# HG changeset patch
# User paulson
# Date 992442591 -7200
# Node ID 2badb9b2a8ec9ea66e1b05b94de84f16c758ee47
# Parent  ef11fb6e6c5894c32608f30c03c1ae895cd3a7b9
New proof of gcd_zero after a change to Divides.ML made the old one fail

diff -r ef11fb6e6c58 -r 2badb9b2a8ec src/HOL/Library/Primes.thy
--- a/src/HOL/Library/Primes.thy	Wed Jun 13 16:28:40 2001 +0200
+++ b/src/HOL/Library/Primes.thy	Wed Jun 13 16:29:51 2001 +0200
@@ -72,17 +72,6 @@
 lemmas gcd_dvd1 [iff] = gcd_dvd_both [THEN conjunct1, standard]
 lemmas gcd_dvd2 [iff] = gcd_dvd_both [THEN conjunct2, standard]
 
-lemma gcd_zero: "(gcd (m, n) = 0) = (m = 0 \<and> n = 0)"
-proof
-  have "gcd (m, n) dvd m \<and> gcd (m, n) dvd n" by simp
-  also assume "gcd (m, n) = 0"
-  finally have "0 dvd m \<and> 0 dvd n" .

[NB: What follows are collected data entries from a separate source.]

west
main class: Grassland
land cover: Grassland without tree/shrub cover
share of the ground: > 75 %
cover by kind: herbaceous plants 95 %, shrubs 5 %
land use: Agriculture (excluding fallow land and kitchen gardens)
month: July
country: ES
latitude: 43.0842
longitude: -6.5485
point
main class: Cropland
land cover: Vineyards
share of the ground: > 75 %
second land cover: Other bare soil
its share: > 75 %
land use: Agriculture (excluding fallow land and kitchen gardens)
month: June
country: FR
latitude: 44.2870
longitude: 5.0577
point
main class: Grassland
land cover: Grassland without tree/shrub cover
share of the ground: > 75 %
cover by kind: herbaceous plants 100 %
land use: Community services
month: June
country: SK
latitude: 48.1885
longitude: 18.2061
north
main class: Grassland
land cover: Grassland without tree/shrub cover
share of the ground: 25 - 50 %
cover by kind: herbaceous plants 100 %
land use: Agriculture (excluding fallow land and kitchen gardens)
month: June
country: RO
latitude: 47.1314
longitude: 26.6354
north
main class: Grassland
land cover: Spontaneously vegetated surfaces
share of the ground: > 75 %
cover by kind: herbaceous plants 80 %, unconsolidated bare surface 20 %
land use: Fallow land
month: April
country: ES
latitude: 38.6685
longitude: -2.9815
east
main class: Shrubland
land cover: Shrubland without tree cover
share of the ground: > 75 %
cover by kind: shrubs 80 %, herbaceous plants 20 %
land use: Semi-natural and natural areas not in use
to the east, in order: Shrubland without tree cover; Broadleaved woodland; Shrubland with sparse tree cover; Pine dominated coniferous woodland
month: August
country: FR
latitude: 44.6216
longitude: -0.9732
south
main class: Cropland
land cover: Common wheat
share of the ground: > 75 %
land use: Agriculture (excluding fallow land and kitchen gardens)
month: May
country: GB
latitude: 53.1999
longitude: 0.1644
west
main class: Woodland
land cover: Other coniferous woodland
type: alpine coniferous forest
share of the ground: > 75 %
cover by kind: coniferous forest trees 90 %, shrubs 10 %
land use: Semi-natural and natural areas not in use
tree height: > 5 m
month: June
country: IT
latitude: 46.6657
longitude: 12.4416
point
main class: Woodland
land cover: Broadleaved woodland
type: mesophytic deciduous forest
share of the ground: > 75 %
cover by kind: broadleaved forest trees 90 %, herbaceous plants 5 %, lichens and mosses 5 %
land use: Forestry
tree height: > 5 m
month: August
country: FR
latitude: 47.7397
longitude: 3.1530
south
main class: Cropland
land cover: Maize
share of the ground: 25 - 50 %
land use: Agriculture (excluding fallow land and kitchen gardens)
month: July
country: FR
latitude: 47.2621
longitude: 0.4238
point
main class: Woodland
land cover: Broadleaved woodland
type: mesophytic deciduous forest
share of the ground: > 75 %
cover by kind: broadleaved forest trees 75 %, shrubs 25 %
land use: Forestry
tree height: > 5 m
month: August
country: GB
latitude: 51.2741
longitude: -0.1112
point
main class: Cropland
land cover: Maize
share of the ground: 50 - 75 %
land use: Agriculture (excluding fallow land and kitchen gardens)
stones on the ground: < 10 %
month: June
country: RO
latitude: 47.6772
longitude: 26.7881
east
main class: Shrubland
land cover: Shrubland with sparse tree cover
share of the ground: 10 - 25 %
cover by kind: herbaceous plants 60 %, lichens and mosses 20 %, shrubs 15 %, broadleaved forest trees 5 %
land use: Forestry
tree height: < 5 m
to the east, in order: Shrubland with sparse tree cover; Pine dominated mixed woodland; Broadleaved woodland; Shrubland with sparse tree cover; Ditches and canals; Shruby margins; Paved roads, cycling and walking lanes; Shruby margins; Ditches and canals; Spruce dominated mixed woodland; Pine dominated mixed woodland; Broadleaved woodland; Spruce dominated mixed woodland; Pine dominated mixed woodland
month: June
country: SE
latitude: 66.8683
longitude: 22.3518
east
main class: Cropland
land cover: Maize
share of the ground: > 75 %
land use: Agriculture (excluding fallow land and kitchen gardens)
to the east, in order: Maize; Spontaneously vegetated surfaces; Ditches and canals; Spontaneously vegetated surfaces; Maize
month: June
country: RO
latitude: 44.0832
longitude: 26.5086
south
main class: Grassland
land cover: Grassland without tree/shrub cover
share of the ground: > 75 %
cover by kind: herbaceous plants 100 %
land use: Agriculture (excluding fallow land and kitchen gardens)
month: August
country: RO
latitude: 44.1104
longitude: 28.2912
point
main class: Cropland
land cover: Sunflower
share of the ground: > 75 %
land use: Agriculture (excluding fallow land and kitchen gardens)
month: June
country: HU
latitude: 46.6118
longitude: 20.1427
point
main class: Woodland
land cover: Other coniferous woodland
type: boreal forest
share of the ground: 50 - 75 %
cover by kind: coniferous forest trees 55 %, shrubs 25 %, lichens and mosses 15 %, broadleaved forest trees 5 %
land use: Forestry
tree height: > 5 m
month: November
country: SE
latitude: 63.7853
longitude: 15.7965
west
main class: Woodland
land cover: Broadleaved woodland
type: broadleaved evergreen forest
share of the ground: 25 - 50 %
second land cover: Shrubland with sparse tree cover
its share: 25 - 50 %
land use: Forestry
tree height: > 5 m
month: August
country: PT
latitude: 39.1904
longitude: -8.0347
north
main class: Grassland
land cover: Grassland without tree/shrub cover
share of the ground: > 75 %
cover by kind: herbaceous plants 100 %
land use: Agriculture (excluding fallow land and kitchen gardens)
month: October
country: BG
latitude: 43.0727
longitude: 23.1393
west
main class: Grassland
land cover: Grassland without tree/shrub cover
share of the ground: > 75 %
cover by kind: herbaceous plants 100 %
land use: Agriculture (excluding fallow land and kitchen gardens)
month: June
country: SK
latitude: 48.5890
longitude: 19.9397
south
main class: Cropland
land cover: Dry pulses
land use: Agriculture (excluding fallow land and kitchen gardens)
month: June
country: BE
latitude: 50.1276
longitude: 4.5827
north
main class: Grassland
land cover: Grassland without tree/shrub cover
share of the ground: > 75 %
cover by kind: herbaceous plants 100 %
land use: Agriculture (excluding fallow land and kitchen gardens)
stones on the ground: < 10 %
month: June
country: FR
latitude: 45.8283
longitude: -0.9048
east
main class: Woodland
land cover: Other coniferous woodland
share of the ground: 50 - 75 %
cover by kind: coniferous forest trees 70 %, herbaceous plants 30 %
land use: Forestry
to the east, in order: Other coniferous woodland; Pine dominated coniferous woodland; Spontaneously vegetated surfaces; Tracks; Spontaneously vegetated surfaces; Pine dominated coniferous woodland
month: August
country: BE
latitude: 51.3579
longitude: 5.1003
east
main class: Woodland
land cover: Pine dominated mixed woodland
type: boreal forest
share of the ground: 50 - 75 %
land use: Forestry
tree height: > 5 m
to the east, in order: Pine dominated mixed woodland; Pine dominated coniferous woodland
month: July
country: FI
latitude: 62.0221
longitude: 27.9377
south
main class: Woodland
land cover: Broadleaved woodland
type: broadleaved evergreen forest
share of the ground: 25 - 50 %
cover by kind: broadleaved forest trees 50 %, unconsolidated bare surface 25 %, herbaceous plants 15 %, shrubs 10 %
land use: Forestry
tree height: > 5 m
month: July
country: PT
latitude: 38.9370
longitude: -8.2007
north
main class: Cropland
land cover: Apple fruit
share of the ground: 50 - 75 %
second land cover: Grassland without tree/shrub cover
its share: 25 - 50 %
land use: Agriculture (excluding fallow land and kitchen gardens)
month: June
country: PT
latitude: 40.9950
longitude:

-  thus "m = 0 \<and> n = 0" by (simp add: dvd_0_left)
-next
-  assume "m = 0 \<and> n = 0"
-  thus "gcd (m, n) = 0" by simp
-qed
-
 
 text {*
   \medskip Maximality: for all @{term m}, @{term n}, @{term k}
@@ -99,6 +88,9 @@
   apply (blast intro!: gcd_greatest intro: dvd_trans)
   done
 
+lemma gcd_zero: "(gcd (m, n) = 0) = (m = 0 \<and> n = 0)"
+  by (simp only: dvd_0_left_iff [THEN sym] gcd_greatest_iff)
+
 
 text {*
   \medskip Function gcd yields the Greatest Common Divisor.